The answer must be an exact copy of the records below, with every picture left out.

=====

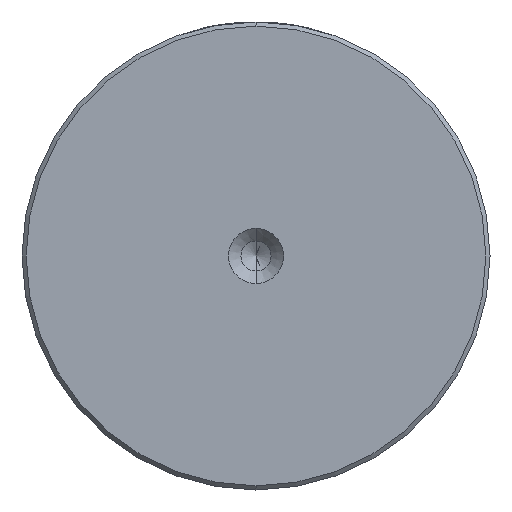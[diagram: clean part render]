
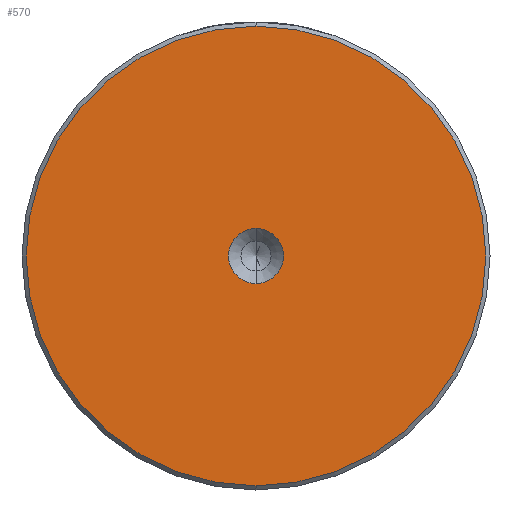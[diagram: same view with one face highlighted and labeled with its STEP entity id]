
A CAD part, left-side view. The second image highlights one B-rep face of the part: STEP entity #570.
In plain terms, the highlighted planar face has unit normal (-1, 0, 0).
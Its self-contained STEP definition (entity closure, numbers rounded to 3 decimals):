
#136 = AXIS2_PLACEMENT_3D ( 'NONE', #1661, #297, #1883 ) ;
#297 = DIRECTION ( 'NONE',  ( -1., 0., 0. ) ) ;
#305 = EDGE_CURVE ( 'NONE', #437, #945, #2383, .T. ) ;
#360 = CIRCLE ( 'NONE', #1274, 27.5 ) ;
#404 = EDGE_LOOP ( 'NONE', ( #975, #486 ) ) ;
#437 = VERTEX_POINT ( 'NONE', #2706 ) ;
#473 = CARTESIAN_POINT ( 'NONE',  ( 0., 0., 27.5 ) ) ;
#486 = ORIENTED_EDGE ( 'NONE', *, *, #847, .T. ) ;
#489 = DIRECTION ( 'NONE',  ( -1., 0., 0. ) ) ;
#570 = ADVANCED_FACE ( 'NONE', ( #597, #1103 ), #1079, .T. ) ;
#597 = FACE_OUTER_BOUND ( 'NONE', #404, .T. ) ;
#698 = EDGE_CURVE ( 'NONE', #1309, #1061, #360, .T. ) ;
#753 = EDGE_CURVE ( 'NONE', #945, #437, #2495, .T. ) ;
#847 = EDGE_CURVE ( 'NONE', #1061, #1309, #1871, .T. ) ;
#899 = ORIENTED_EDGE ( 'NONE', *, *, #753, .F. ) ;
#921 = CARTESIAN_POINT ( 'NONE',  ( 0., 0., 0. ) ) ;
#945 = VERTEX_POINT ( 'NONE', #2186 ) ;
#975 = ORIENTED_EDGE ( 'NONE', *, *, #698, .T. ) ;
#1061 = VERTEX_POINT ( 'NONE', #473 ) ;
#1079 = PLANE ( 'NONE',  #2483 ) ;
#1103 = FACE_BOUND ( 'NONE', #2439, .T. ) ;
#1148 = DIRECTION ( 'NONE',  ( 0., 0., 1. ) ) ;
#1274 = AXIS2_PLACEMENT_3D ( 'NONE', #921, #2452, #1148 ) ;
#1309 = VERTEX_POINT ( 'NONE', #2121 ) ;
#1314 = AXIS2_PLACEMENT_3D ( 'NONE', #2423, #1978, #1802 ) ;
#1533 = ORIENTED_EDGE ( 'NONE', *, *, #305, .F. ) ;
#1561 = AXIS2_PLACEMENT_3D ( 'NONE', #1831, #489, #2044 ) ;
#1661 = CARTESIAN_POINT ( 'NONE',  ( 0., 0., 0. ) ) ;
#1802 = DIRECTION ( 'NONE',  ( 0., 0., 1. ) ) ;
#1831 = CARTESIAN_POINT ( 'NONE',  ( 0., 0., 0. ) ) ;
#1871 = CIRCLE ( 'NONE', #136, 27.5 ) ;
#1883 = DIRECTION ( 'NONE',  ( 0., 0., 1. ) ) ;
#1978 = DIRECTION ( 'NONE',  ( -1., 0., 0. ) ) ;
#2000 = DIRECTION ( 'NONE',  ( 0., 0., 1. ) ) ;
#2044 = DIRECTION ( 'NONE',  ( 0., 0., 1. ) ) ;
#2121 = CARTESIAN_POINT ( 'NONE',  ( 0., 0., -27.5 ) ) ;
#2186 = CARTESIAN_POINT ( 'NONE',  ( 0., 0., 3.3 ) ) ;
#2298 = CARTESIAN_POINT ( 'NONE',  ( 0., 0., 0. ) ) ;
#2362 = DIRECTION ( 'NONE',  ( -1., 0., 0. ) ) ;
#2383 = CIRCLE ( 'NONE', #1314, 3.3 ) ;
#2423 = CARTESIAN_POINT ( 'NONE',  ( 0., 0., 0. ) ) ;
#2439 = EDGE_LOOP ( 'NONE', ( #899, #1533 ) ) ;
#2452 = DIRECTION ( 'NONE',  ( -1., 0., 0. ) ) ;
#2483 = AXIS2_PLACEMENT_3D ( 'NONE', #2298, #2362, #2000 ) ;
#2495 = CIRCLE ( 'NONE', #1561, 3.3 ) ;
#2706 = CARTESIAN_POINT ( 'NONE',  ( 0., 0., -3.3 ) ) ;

=====

### Task response
[diagram: clean part render]
[diagram: same view with one face highlighted and labeled with its STEP entity id]
A CAD part, left-side view. The second image highlights one B-rep face of the part: STEP entity #570.
In plain terms, the highlighted planar face has unit normal (-1, 0, 0).
Its self-contained STEP definition (entity closure, numbers rounded to 3 decimals):
#136 = AXIS2_PLACEMENT_3D ( 'NONE', #1661, #297, #1883 ) ;
#297 = DIRECTION ( 'NONE',  ( -1., 0., 0. ) ) ;
#305 = EDGE_CURVE ( 'NONE', #437, #945, #2383, .T. ) ;
#360 = CIRCLE ( 'NONE', #1274, 27.5 ) ;
#404 = EDGE_LOOP ( 'NONE', ( #975, #486 ) ) ;
#437 = VERTEX_POINT ( 'NONE', #2706 ) ;
#473 = CARTESIAN_POINT ( 'NONE',  ( 0., 0., 27.5 ) ) ;
#486 = ORIENTED_EDGE ( 'NONE', *, *, #847, .T. ) ;
#489 = DIRECTION ( 'NONE',  ( -1., 0., 0. ) ) ;
#570 = ADVANCED_FACE ( 'NONE', ( #597, #1103 ), #1079, .T. ) ;
#597 = FACE_OUTER_BOUND ( 'NONE', #404, .T. ) ;
#698 = EDGE_CURVE ( 'NONE', #1309, #1061, #360, .T. ) ;
#753 = EDGE_CURVE ( 'NONE', #945, #437, #2495, .T. ) ;
#847 = EDGE_CURVE ( 'NONE', #1061, #1309, #1871, .T. ) ;
#899 = ORIENTED_EDGE ( 'NONE', *, *, #753, .F. ) ;
#921 = CARTESIAN_POINT ( 'NONE',  ( 0., 0., 0. ) ) ;
#945 = VERTEX_POINT ( 'NONE', #2186 ) ;
#975 = ORIENTED_EDGE ( 'NONE', *, *, #698, .T. ) ;
#1061 = VERTEX_POINT ( 'NONE', #473 ) ;
#1079 = PLANE ( 'NONE',  #2483 ) ;
#1103 = FACE_BOUND ( 'NONE', #2439, .T. ) ;
#1148 = DIRECTION ( 'NONE',  ( 0., 0., 1. ) ) ;
#1274 = AXIS2_PLACEMENT_3D ( 'NONE', #921, #2452, #1148 ) ;
#1309 = VERTEX_POINT ( 'NONE', #2121 ) ;
#1314 = AXIS2_PLACEMENT_3D ( 'NONE', #2423, #1978, #1802 ) ;
#1533 = ORIENTED_EDGE ( 'NONE', *, *, #305, .F. ) ;
#1561 = AXIS2_PLACEMENT_3D ( 'NONE', #1831, #489, #2044 ) ;
#1661 = CARTESIAN_POINT ( 'NONE',  ( 0., 0., 0. ) ) ;
#1802 = DIRECTION ( 'NONE',  ( 0., 0., 1. ) ) ;
#1831 = CARTESIAN_POINT ( 'NONE',  ( 0., 0., 0. ) ) ;
#1871 = CIRCLE ( 'NONE', #136, 27.5 ) ;
#1883 = DIRECTION ( 'NONE',  ( 0., 0., 1. ) ) ;
#1978 = DIRECTION ( 'NONE',  ( -1., 0., 0. ) ) ;
#2000 = DIRECTION ( 'NONE',  ( 0., 0., 1. ) ) ;
#2044 = DIRECTION ( 'NONE',  ( 0., 0., 1. ) ) ;
#2121 = CARTESIAN_POINT ( 'NONE',  ( 0., 0., -27.5 ) ) ;
#2186 = CARTESIAN_POINT ( 'NONE',  ( 0., 0., 3.3 ) ) ;
#2298 = CARTESIAN_POINT ( 'NONE',  ( 0., 0., 0. ) ) ;
#2362 = DIRECTION ( 'NONE',  ( -1., 0., 0. ) ) ;
#2383 = CIRCLE ( 'NONE', #1314, 3.3 ) ;
#2423 = CARTESIAN_POINT ( 'NONE',  ( 0., 0., 0. ) ) ;
#2439 = EDGE_LOOP ( 'NONE', ( #899, #1533 ) ) ;
#2452 = DIRECTION ( 'NONE',  ( -1., 0., 0. ) ) ;
#2483 = AXIS2_PLACEMENT_3D ( 'NONE', #2298, #2362, #2000 ) ;
#2495 = CIRCLE ( 'NONE', #1561, 3.3 ) ;
#2706 = CARTESIAN_POINT ( 'NONE',  ( 0., 0., -3.3 ) ) ;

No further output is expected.